We strongly recommend creating condaenvironments inside containers. There are example recipes at

/apps/containers/Conda/conda-example1.def
/apps/containers/Conda/conda-example2.def
/apps/containers/Conda/conda-example3.def

which after you've built them can be used as e.g.

apptainer exec conda-example.sif python my_script.py

This drastically reduces the installation size and the number of files (down to 1), making it much better for network storage. Please see our container page for more details.

There are Miniforge3 modules available, which can be directly used (but might not be as optimized as the other software in the module tree). If you need to set up a conda environment, you should instead always use a container.

Note

The containers themselves serve as environments, you don't need to set up conda environments inside the containers (see example recipes) as it only complicates using the container. If you install with an environment.yml prefer installing into "base".

Matplotlib

Using matplotlib in python script

Please note that when running matplotlib in python script, you might want to run

import matplotlib
matplotlib.use('Agg')

to avoid matplotlib using the X Windows backend, which does not work if X forwarding is not enabled (i.e. does not work in batch jobs).

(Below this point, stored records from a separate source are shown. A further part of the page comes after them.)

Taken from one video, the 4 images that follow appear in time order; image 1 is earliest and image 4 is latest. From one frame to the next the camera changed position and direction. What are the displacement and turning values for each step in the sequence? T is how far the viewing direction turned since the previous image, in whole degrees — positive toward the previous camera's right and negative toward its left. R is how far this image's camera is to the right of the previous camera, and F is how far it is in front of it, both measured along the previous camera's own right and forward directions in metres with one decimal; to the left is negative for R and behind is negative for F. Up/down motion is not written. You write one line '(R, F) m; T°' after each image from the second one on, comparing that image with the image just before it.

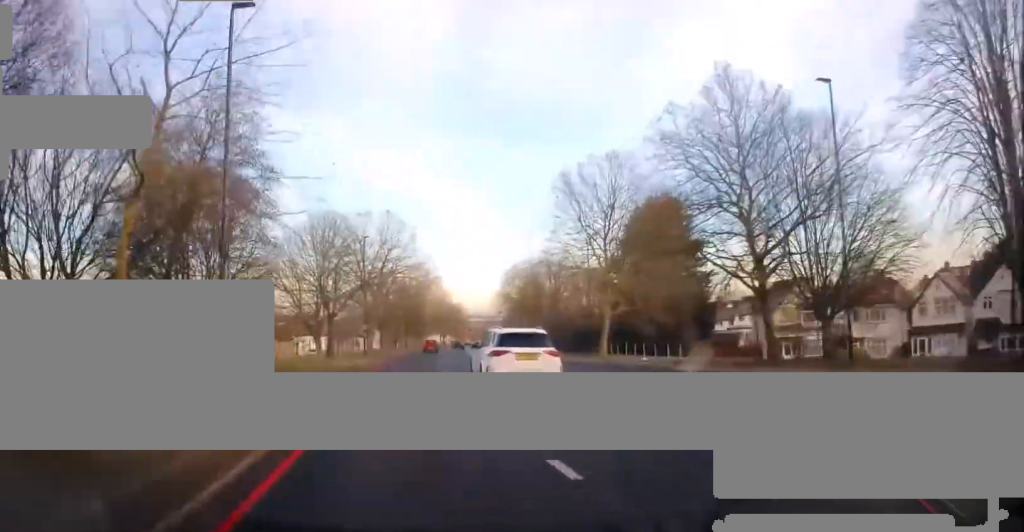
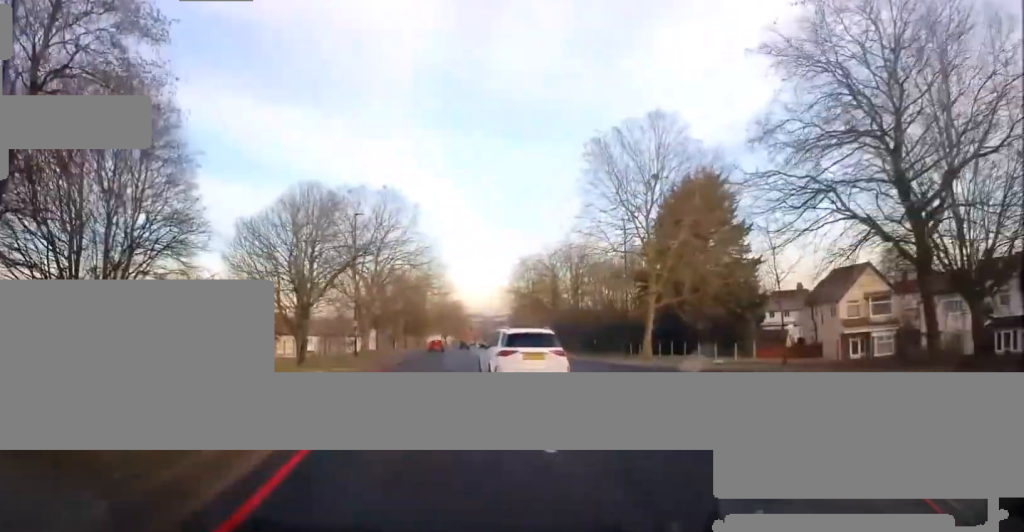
(0.0, +10.9) m; -2°
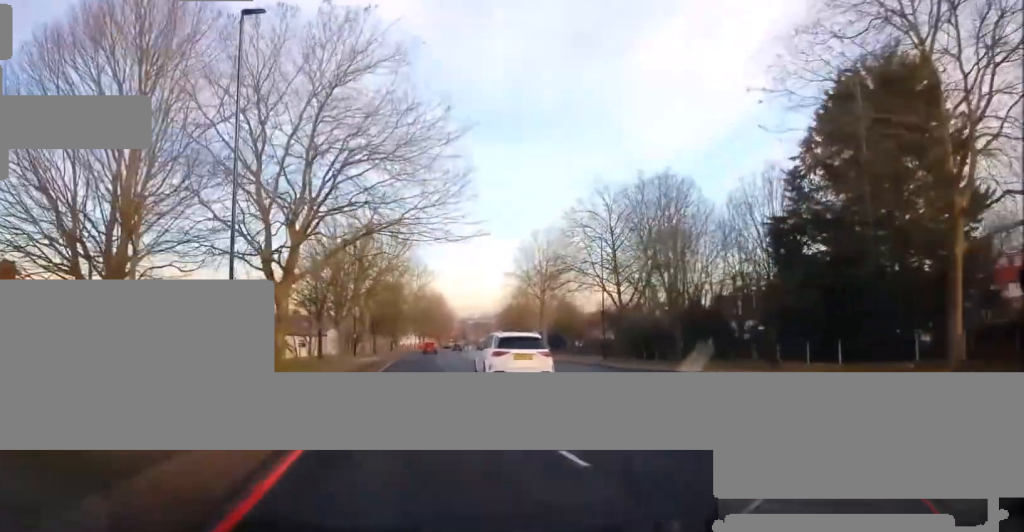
(-1.6, +31.8) m; +2°
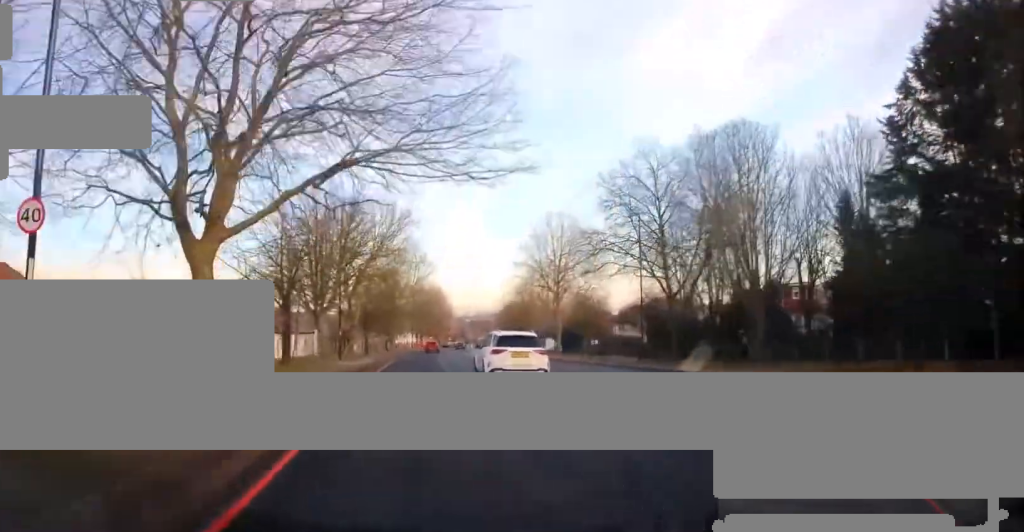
(+1.2, +10.6) m; +5°
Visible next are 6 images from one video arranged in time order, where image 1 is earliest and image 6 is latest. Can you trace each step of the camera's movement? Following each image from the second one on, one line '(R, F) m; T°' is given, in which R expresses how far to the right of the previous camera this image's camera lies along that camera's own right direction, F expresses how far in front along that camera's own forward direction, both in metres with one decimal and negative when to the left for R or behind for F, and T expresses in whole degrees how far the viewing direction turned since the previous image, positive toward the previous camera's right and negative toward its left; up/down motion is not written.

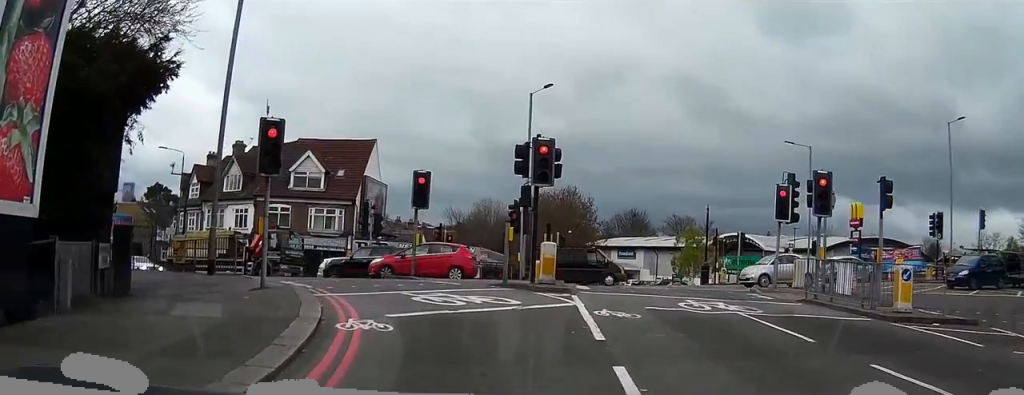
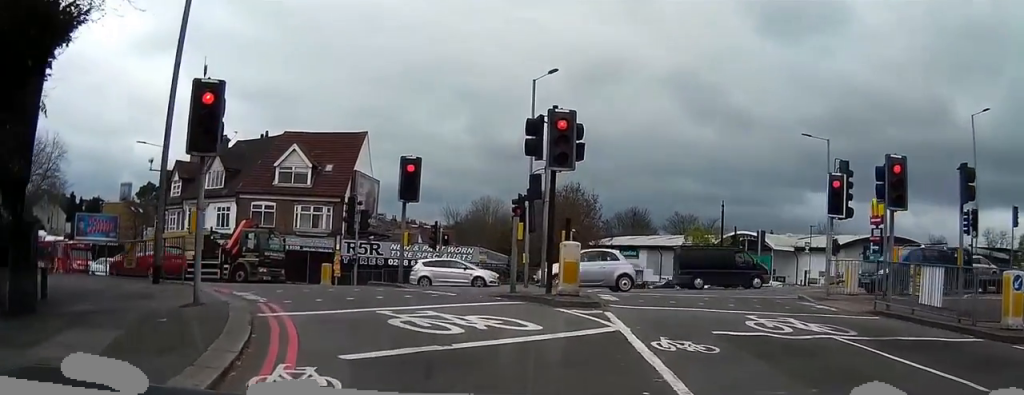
(0.0, +3.2) m; +2°
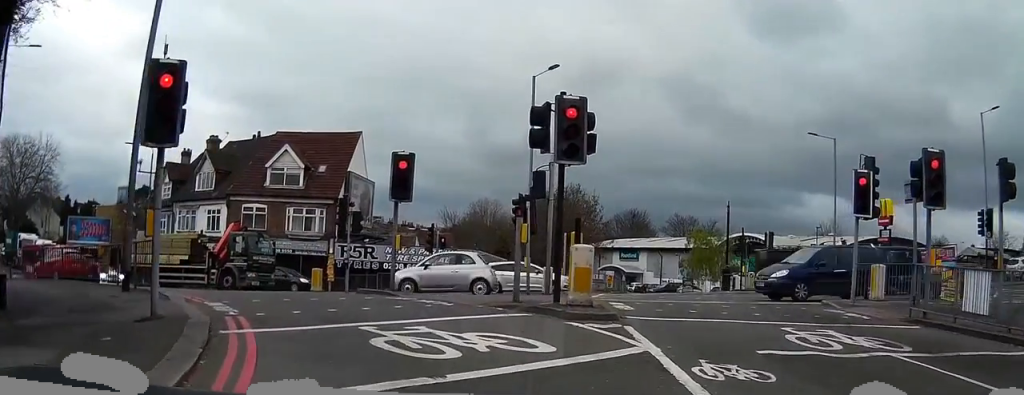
(0.0, +1.1) m; +2°
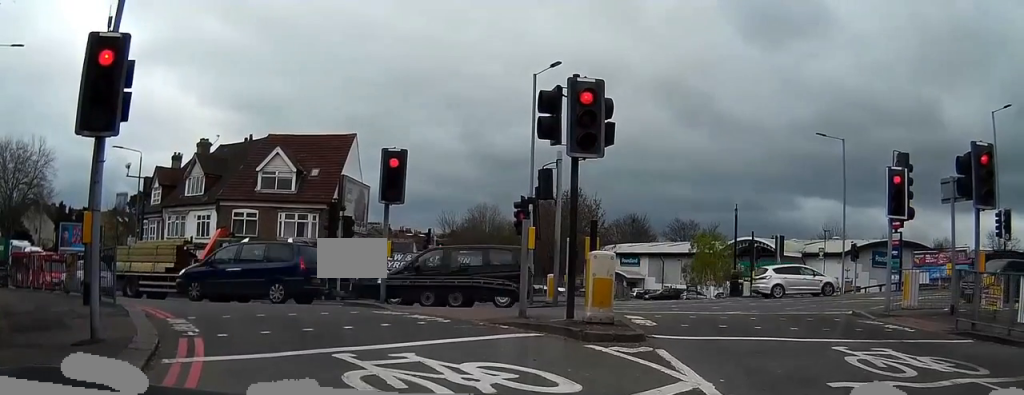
(+0.2, +1.0) m; +1°
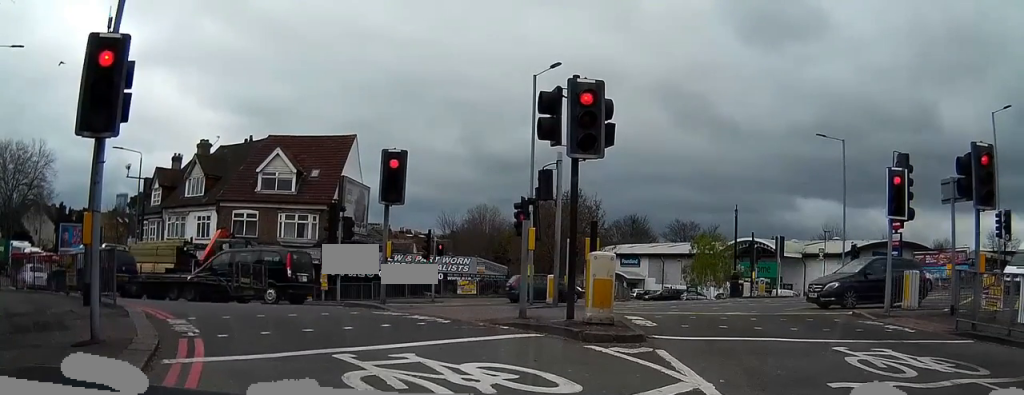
(0.0, 0.0) m; 0°
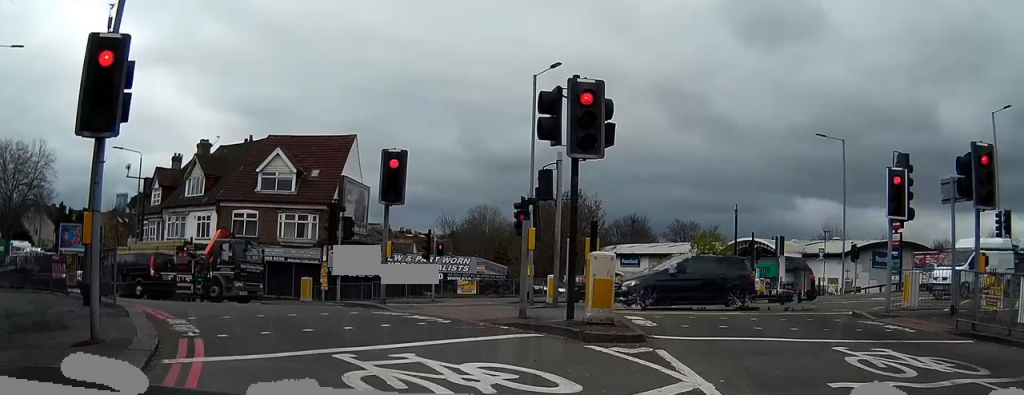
(0.0, 0.0) m; 0°

Using matplotlib in jupyter notebook

To use matplotlib in notebook, you can enable the inline backend by

%matplotlib inline

on the top of your notebook. [Reference]

NumPy and SciPy

As it is impractical to have each individual extension as a module, so you can find the optimized builds of numpy and scipy as part of the SciPy-bundle. In general, you can use module keyword xxx to search for a particular extension that might be part of a module bundle.